POLÍTICA
Transporte interestadual: entre o direito e o risco diário do trabalhador

DE CASTILHO SP POR RONI PAPARAZZI – Para milhares de brasileiros, especialmente no interior do país, o transporte interestadual não é uma escolha — é uma necessidade diária.
É dentro desses ônibus que trabalhadores seguem rumo ao sustento, muitas vezes atravessando cidades e até estados para cumprir suas jornadas. Mais do que um serviço, trata-se de um direito fundamental garantido pela Constituição Federal: o direito de ir e vir.
Mas a realidade enfrentada por quem depende desse transporte levanta um questionamento cada vez mais urgente: até onde vai a responsabilidade das empresas e quem está, de fato, garantindo a segurança da população?
⚖️ Direito garantido… mas com desafios na prática
A Constituição assegura a liberdade de locomoção, e o transporte interestadual pode ser operado por empresas privadas mediante concessão pública.
Nesse cenário, a Agência Nacional de Transportes Terrestres (ANTT) é responsável por autorizar, regulamentar e fiscalizar as empresas.
Ao assumir essas concessões, as empresas têm obrigações claras:
- Garantir a segurança dos passageiros
- Manter a frota em boas condições
- Cumprir horários
- Respeitar a jornada dos motoristas
- Evitar superlotação
No entanto, a prática nem sempre acompanha o que está previsto na lei.
🚨 Fiscalização existe, mas as falhas continuam
A fiscalização do transporte interestadual envolve diferentes órgãos, como ANTT, Polícia Rodoviária Federal, Ministério do Trabalho e Ministério Público do Trabalho.
Mesmo assim, denúncias recorrentes apontam falhas no serviço, especialmente relacionadas à qualidade dos veículos, atrasos frequentes e excesso de passageiros.
😴 Motoristas sob pressão e riscos nas estradas
Um dos pontos mais preocupantes é a jornada de trabalho dos motoristas.
O excesso de horas ao volante aumenta significativamente o risco de acidentes, colocando em perigo não apenas os passageiros, mas todos que utilizam as rodovias.
A legislação trabalhista prevê limites e períodos obrigatórios de descanso, mas a efetividade dessas regras depende diretamente da fiscalização.
🚌 Manutenção e superlotação: riscos que se repetem
Problemas mecânicos, falta de manutenção adequada e ônibus operando acima da capacidade continuam sendo questões críticas.
A superlotação vai além do desconforto: ela compromete a segurança, principalmente em situações de emergência.

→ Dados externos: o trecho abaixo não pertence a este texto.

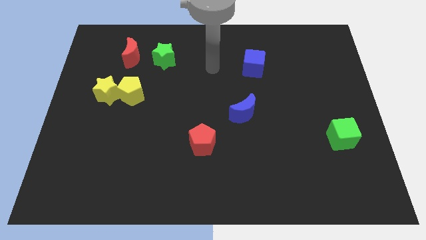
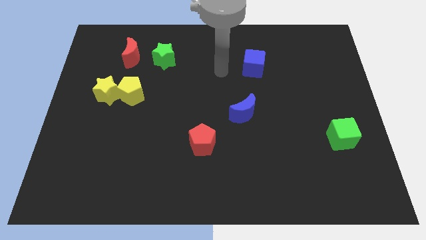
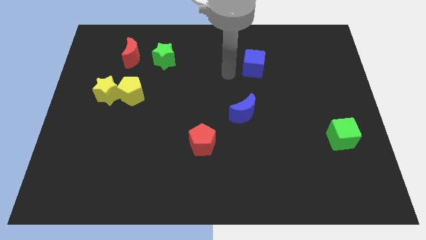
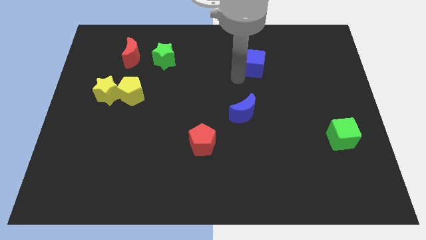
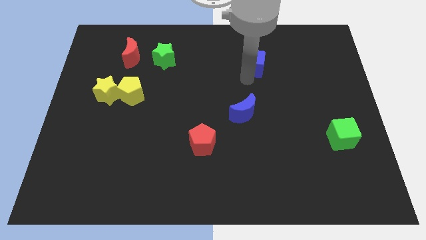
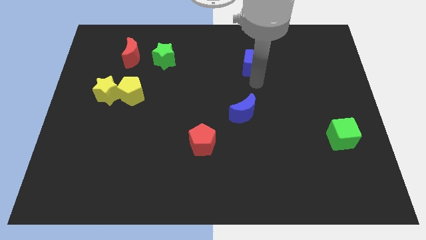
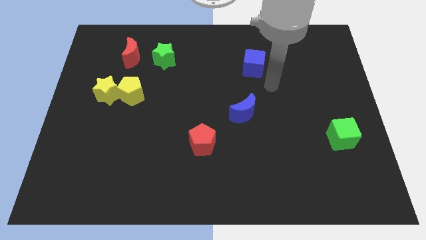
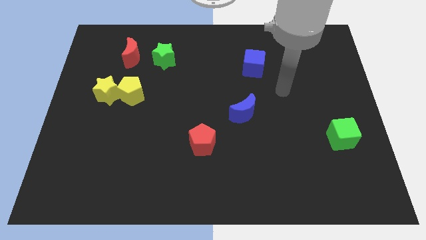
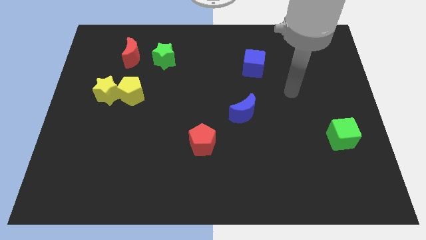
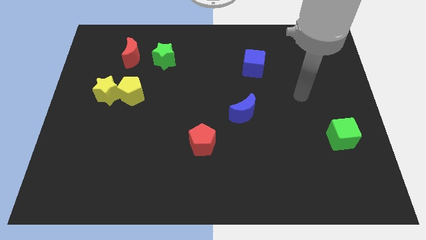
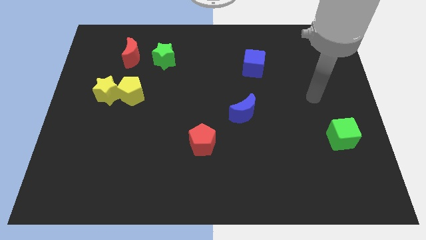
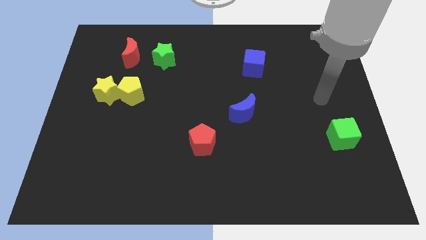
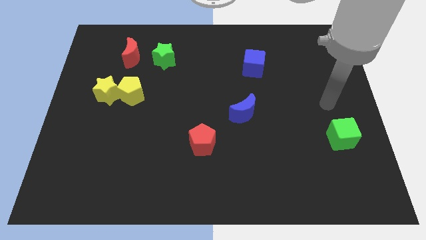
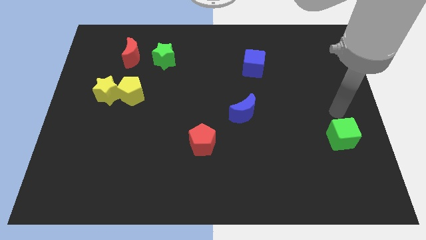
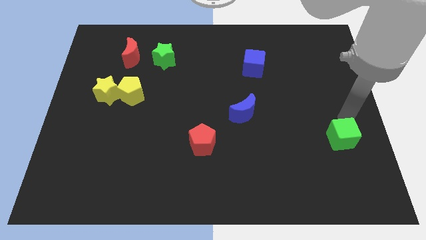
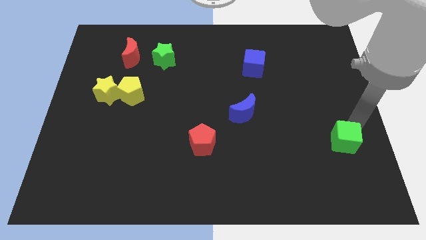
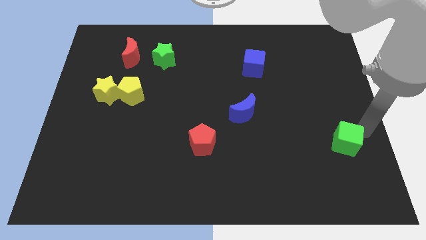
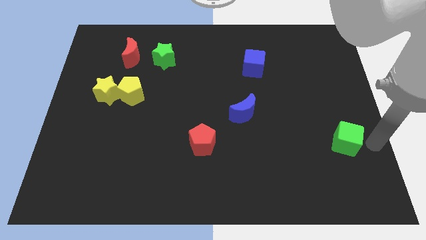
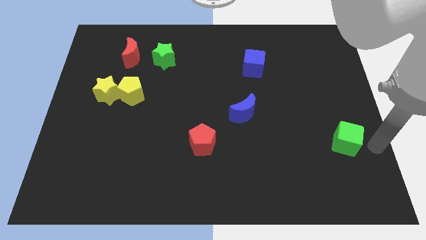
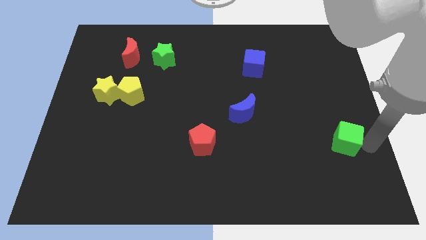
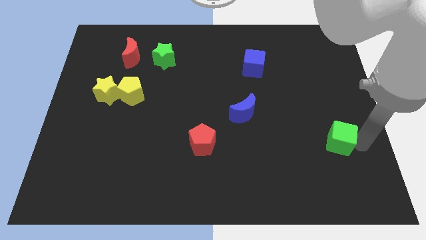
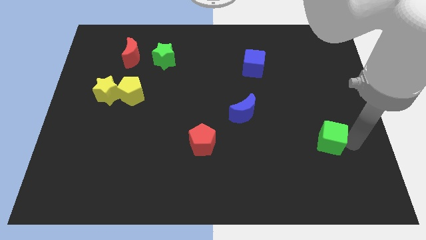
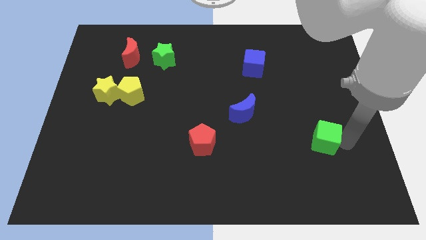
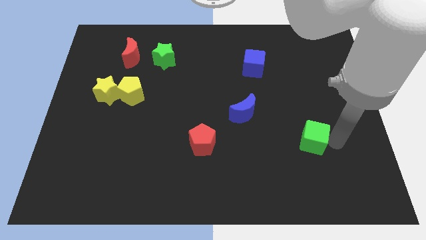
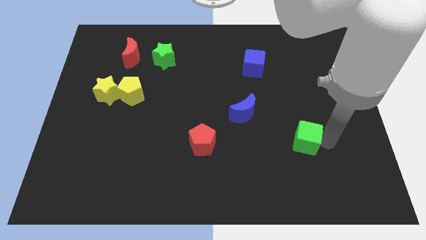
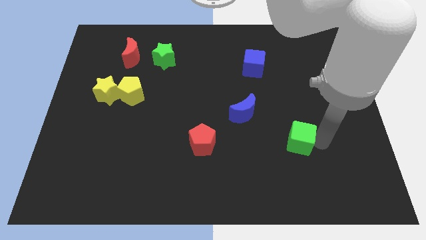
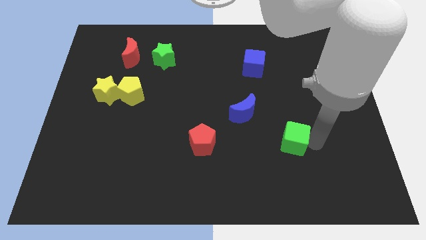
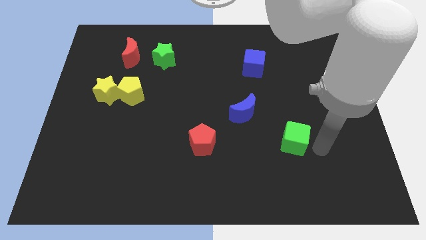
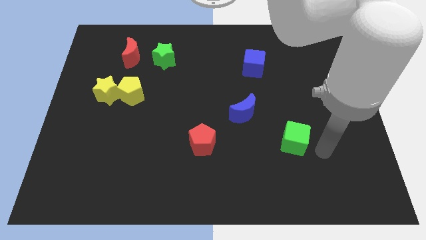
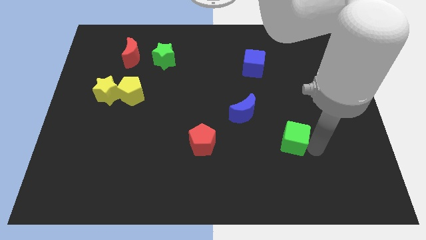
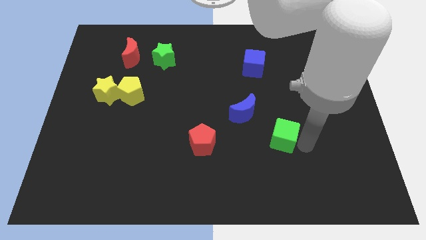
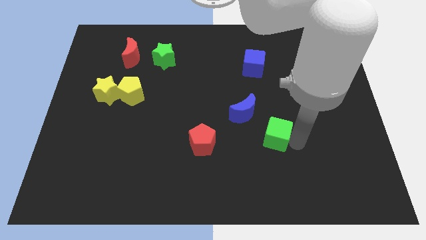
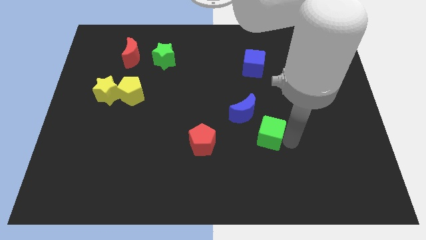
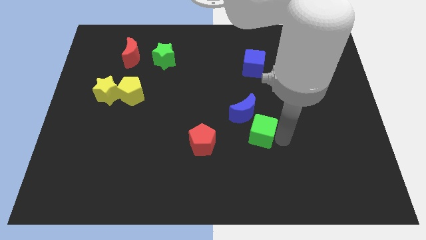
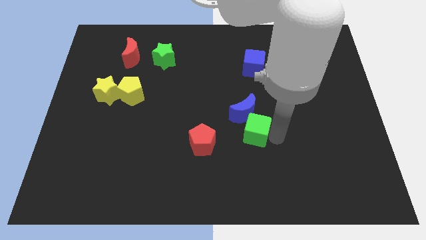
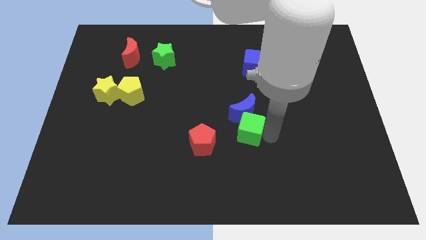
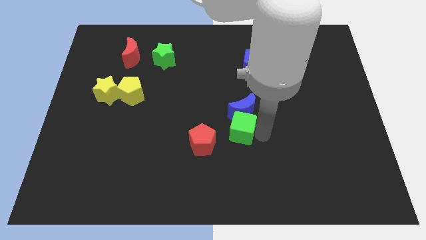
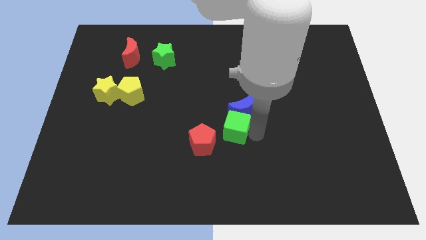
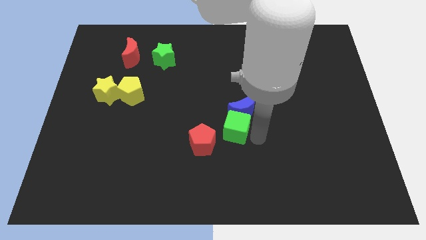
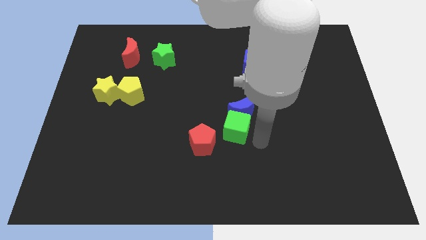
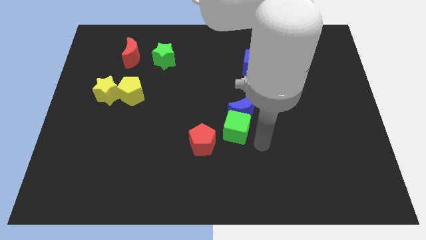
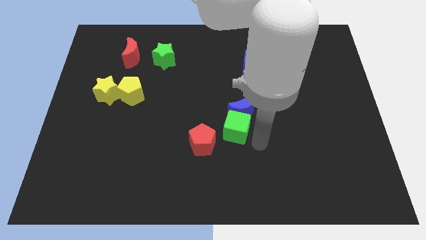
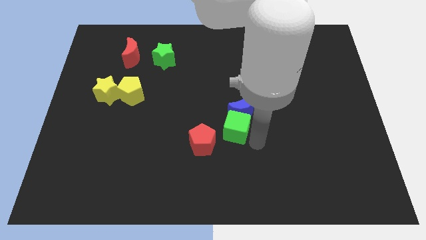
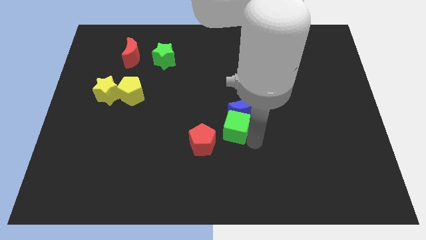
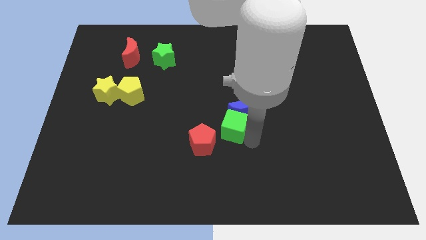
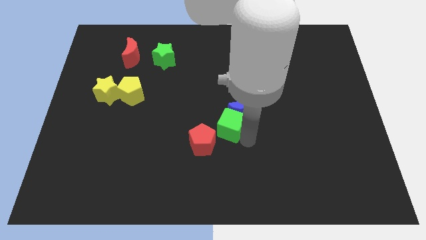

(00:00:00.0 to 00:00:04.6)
push the green cube to the left of the blue moon

Já falhas mecânicas, como panes e desgaste de componentes, expõem passageiros a riscos evitáveis.
🏛️ Responsabilidade também é política
Apesar de ser um serviço regulado em nível federal, autoridades locais e estaduais também têm papel importante.
Prefeitos e vereadores podem encaminhar denúncias e cobrar melhorias. Governadores e deputados estaduais podem atuar na infraestrutura e articulação com órgãos federais.
Já deputados federais e senadores têm a responsabilidade de propor leis, fiscalizar e destinar recursos.
🗳️ Eleições e o peso da escolha
Em períodos eleitorais, o tema transporte volta ao centro das discussões. Promessas são feitas, visitas aumentam, discursos se intensificam.
Mas após as eleições, muitas dessas demandas deixam de ser prioridade.
Diante disso, cresce a importância do voto consciente. Mais do que promessas, a população precisa avaliar histórico, posicionamento e compromisso real com melhorias no transporte público.
⚠️ Um direito que precisa ser garantido na prática
Garantir um transporte interestadual seguro e eficiente não é responsabilidade de um único setor.
É um dever compartilhado entre empresas, órgãos fiscalizadores e representantes políticos.
Mas enquanto esse equilíbrio não se concretiza, quem depende diariamente desse serviço continua enfrentando desafios que vão além do desconforto — envolvem segurança, dignidade e respeito.
🔥 REFLEXÃO FINAL
Para quem acorda cedo, enfrenta longas jornadas e depende do ônibus para trabalhar, a realidade é clara:
👉 não se trata apenas de transporte… se trata de sobrevivência.
E a pergunta que permanece é direta:
👉 quem está realmente garantindo o direito de ir e vir da população?